Peletakan batu pertama RS Khusus Covid-19 dilakukan oleh Bupati Malang Drs. H. M. Sanusi, MM, Senin (5/4/2021).SP/PEMKAB MALANG

SURABAYAPAGI, Malang  - Percepatan penanganan dampak Covid-19 menjadi perhatian Pemerintah Kabupaten Malang bersama dengan Kementerian PUPR , BNPB Malang  dan Universitas Muhammadiyah Malang (UMM) membangun Rumah Sakit (RS) Khusus Covid  resmi dimulai pada Senin, (5/4/2021).

Prosesi peletakan batu pertama dilakukan oleh Bupati Malang Sanusi.  Acara tersebut dilaksanakan di Halaman Gedung RIC RSU UMM dengan protokol kesehatan (Prokes) Covid-19 yang sangat ketat.

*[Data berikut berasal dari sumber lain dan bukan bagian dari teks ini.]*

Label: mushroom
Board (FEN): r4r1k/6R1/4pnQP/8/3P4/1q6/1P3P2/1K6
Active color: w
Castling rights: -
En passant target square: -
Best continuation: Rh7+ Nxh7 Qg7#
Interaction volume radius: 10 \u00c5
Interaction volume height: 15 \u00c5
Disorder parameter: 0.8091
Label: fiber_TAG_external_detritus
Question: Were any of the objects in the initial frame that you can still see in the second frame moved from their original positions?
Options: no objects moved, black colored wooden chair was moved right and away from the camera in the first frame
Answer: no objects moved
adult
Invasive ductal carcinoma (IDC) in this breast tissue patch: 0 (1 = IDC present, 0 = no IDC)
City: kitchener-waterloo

Rasa terimakasih dan apresiasi turut dihaturkan Sanusi kepada sejumlah pihak yang telah menginisiasi pembangunan RS Darurat Penanganan Covid-19 ini.

“Dengan demikian maka akan banyak nanti masyarakat yang terdampak Covid-19 bisa terselamatkan dengan baik karena rumah sakit, tenaga medis, fasilitas dan keamanannya khusus untuk menangani pasien yang terpapar Covid-19,” katanya, Senin (5/4/2021).

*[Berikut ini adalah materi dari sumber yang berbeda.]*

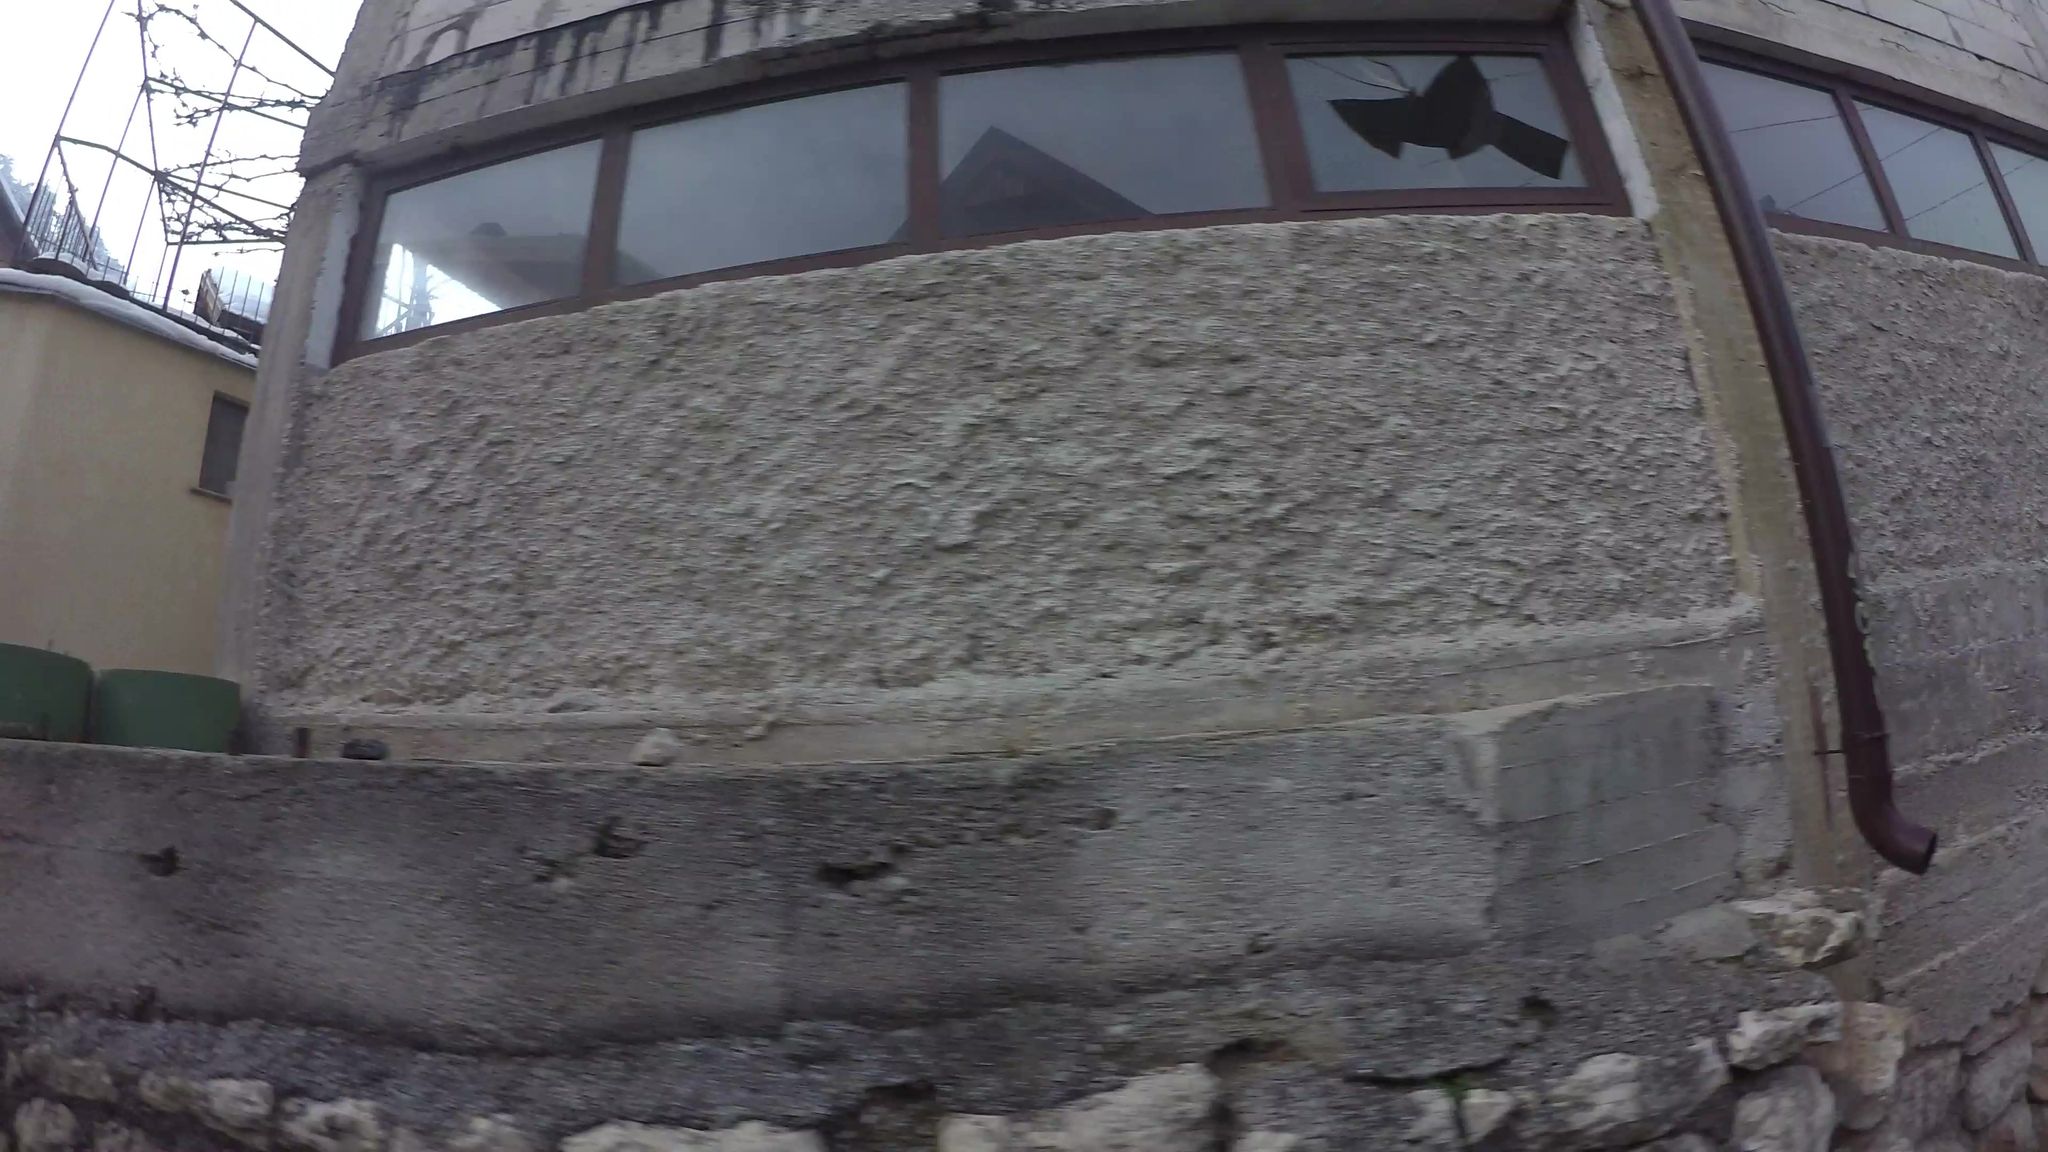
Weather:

Target pembangunannya juga dibeberkan oleh Sanusi. Menurutnya, ini menjadi Rumah Sakit Khusus penanganan pasien yang terpapar Covid-19 dan tak dapat bercampur dengan pasien umum.

Diprediksi tuntas dalam 45 hari, Rumah Sakit Darurat Penanganan Covid-19 yang dibangun di atas lahan 7978,02 M² ini bisa tampung puluhan pasien.Tak hanya itu, Rumah Sakit Darurat ini juga menyediakan lahan hijau seluas 4.259,54 M² sebagai pemenuhan standar.

Sanusi menuturkan, meski angka covid di Malang cukup menurun, Rumah Sakit ini diharapkan mampu menanggulangi pandemi , khususnya di area Malang Raya. Pria asal Gondanglegi ini menyebutkan, kasus Covid-19 di wilayahnya masih menyisakan sekitar 300 pasien saja.

“Untuk Kecamatan Dau tinggal enam. Kabupaten Malang dari 14.600 sekian RT/RW tinggal sekitar 80 an RT/RW yang masih zona kuning, semua sudah hijau. Mudah-mudahan sebelum 45 hari semuanya sudah hijau. Jadi nanti rumah sakit ini tidak terlalu sibuk menangani Covid-19,” ungkapnya.

Sementara itu, di tempat yang sama, Direktur RSU UMM, Djoni Djunaedi, mengatakan, RS darurat ini memiliki fasilitas yang cukup lengkap. Mulai dari ruang rawat inap hingga ruang intensif care.

“Komplit fasilitasnya. Jadi ada 65 ruang rawat inap biasa untuk covid-19, juga ada delapan ruang intensif care dan lain-lain,” katanya.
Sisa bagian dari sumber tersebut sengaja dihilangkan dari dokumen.